10.09.58.06

.06 Limitations.

A. The following services are not covered:

(1) Services not medically necessary;

(2) Therapeutic abortion;

(3) Transportation services;

(4) EPSDT services;

(5) Services delivered in an in-patient hospital setting or ambulatory surgical center other than:

(a) Permanent sterilizations; and

(b) A hysterosalpingogram following the Essure procedure;

(6) Infertility services, including reversal of sterilization; and

(7) Any service not listed in Regulation .05 of this chapter.

B. Limitations for advanced practice nurse services covered under this chapter are those set forth in COMAR 10.09.01.05.

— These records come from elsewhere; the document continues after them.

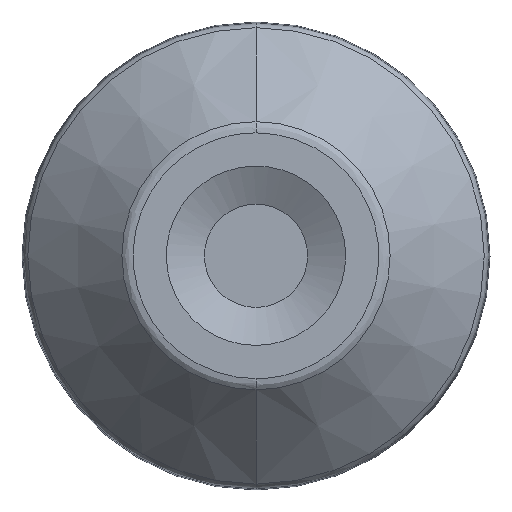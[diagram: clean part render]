
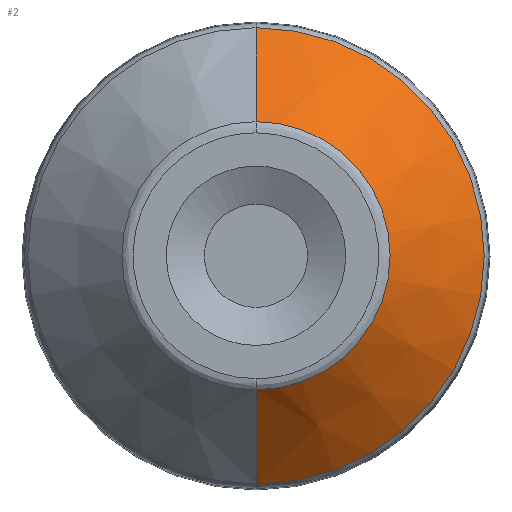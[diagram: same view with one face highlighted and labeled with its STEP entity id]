
A CAD part, top view. The second image highlights one B-rep face of the part: STEP entity #2.
In plain terms, the highlighted conical face has half-angle 45 degrees and reference radius 28.768 mm.
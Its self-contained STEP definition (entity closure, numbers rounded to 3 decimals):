
#2 = ADVANCED_FACE ( 'NONE', ( #769 ), #272, .T. ) ;
#9 = CARTESIAN_POINT ( 'NONE',  ( 0., 28.769, 5.551 ) ) ;
#13 = DIRECTION ( 'NONE',  ( 0., 0., 1. ) ) ;
#22 = CARTESIAN_POINT ( 'NONE',  ( 0., 0., 5.551 ) ) ;
#28 = CIRCLE ( 'NONE', #527, 16.906 ) ;
#32 = VERTEX_POINT ( 'NONE', #50 ) ;
#48 = AXIS2_PLACEMENT_3D ( 'NONE', #22, #13, #515 ) ;
#50 = CARTESIAN_POINT ( 'NONE',  ( 0., -28.769, 5.551 ) ) ;
#68 = DIRECTION ( 'NONE',  ( 0., 0.707, -0.707 ) ) ;
#73 = LINE ( 'NONE', #133, #726 ) ;
#133 = CARTESIAN_POINT ( 'NONE',  ( 0., 28.769, 5.551 ) ) ;
#169 = CARTESIAN_POINT ( 'NONE',  ( 0., 0., 17.414 ) ) ;
#171 = DIRECTION ( 'NONE',  ( 0., 1., 0. ) ) ;
#175 = ORIENTED_EDGE ( 'NONE', *, *, #647, .F. ) ;
#272 = CONICAL_SURFACE ( 'NONE', #634, 28.769, 0.785 ) ;
#313 = VERTEX_POINT ( 'NONE', #672 ) ;
#347 = EDGE_CURVE ( 'NONE', #32, #825, #852, .T. ) ;
#434 = DIRECTION ( 'NONE',  ( 0., -0.707, -0.707 ) ) ;
#436 = LINE ( 'NONE', #866, #873 ) ;
#470 = VERTEX_POINT ( 'NONE', #826 ) ;
#490 = ORIENTED_EDGE ( 'NONE', *, *, #538, .T. ) ;
#515 = DIRECTION ( 'NONE',  ( 0., 1., 0. ) ) ;
#516 = EDGE_LOOP ( 'NONE', ( #490, #738, #663, #175 ) ) ;
#527 = AXIS2_PLACEMENT_3D ( 'NONE', #169, #680, #171 ) ;
#538 = EDGE_CURVE ( 'NONE', #313, #470, #28, .T. ) ;
#556 = DIRECTION ( 'NONE',  ( 0., 1., 0. ) ) ;
#634 = AXIS2_PLACEMENT_3D ( 'NONE', #762, #901, #556 ) ;
#647 = EDGE_CURVE ( 'NONE', #313, #825, #73, .T. ) ;
#663 = ORIENTED_EDGE ( 'NONE', *, *, #347, .T. ) ;
#672 = CARTESIAN_POINT ( 'NONE',  ( 0., 16.906, 17.414 ) ) ;
#680 = DIRECTION ( 'NONE',  ( 0., 0., -1. ) ) ;
#726 = VECTOR ( 'NONE', #68, 1000. ) ;
#738 = ORIENTED_EDGE ( 'NONE', *, *, #765, .T. ) ;
#762 = CARTESIAN_POINT ( 'NONE',  ( 0., 0., 5.551 ) ) ;
#765 = EDGE_CURVE ( 'NONE', #470, #32, #436, .T. ) ;
#769 = FACE_OUTER_BOUND ( 'NONE', #516, .T. ) ;
#825 = VERTEX_POINT ( 'NONE', #9 ) ;
#826 = CARTESIAN_POINT ( 'NONE',  ( 0., -16.906, 17.414 ) ) ;
#852 = CIRCLE ( 'NONE', #48, 28.769 ) ;
#866 = CARTESIAN_POINT ( 'NONE',  ( 0., -28.769, 5.551 ) ) ;
#873 = VECTOR ( 'NONE', #434, 1000. ) ;
#901 = DIRECTION ( 'NONE',  ( 0., 0., -1. ) ) ;
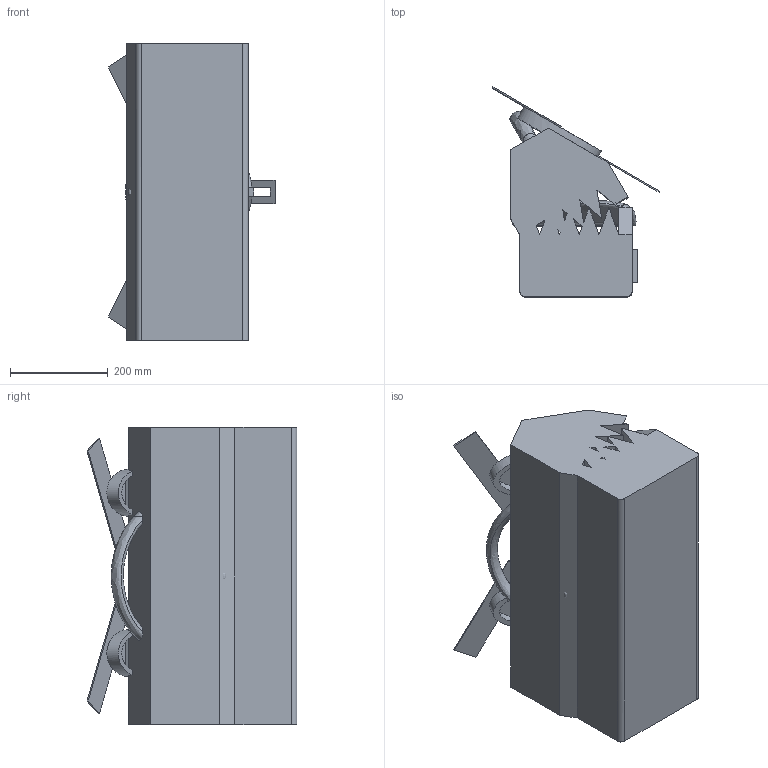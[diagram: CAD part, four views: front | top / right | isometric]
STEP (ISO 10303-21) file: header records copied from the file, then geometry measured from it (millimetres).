
FILE_DESCRIPTION(('FreeCAD Model'),'2;1');
FILE_NAME('Open CASCADE Shape Model','2025-05-03T14:18:41',('FreeCAD'),( 'FreeCAD'),'Open CASCADE STEP processor 7.6','FreeCAD','Unknown');
FILE_SCHEMA(('AUTOMOTIVE_DESIGN { 1 0 10303 214 1 1 1 1 }'));
Length unit declared in the file: millimetre
Products named in the file (1): Open CASCADE STEP translator 7.6 1
Bounding box: 342.38 x 429.04 x 607.59 mm (x, y, z)
Volume: 26814671.3 mm3; surface area: 1451311.3 mm2
Topology: 2 solids, 3 shells, 200 faces, 542 edges, 336 vertices
Faces by surface type: bspline 200
Entity records: 7082 total; most frequent: CARTESIAN_POINT 3779, ORIENTED_EDGE 1082, EDGE_CURVE 541, B_SPLINE_CURVE_WITH_KNOTS 494, VERTEX_POINT 336, FACE_BOUND 221, EDGE_LOOP 221, ADVANCED_FACE 200

C. Limitations for physician services covered under this chapter are those set forth in COMAR 10.09.02.05.

D. Limitations for free-standing clinic services covered under this chapter are those set forth in COMAR 10.09.08.07.

E. Limitations for pharmacy services covered under this chapter are those set forth in COMAR 10.09.03.05.

F. Limitations for medical laboratory services covered under this chapter are those set forth in COMAR 10.09.09.05.

G. Limitations for acute hospital services covered under this chapter are those set forth in COMAR 10.09.92.05.

H. Limitations for physician assistant services covered under this chapter are those set forth in COMAR 10.09.55.05.

I. Limitations for ambulatory surgery centers covered under this chapter are those set forth in COMAR 10.09.42.05.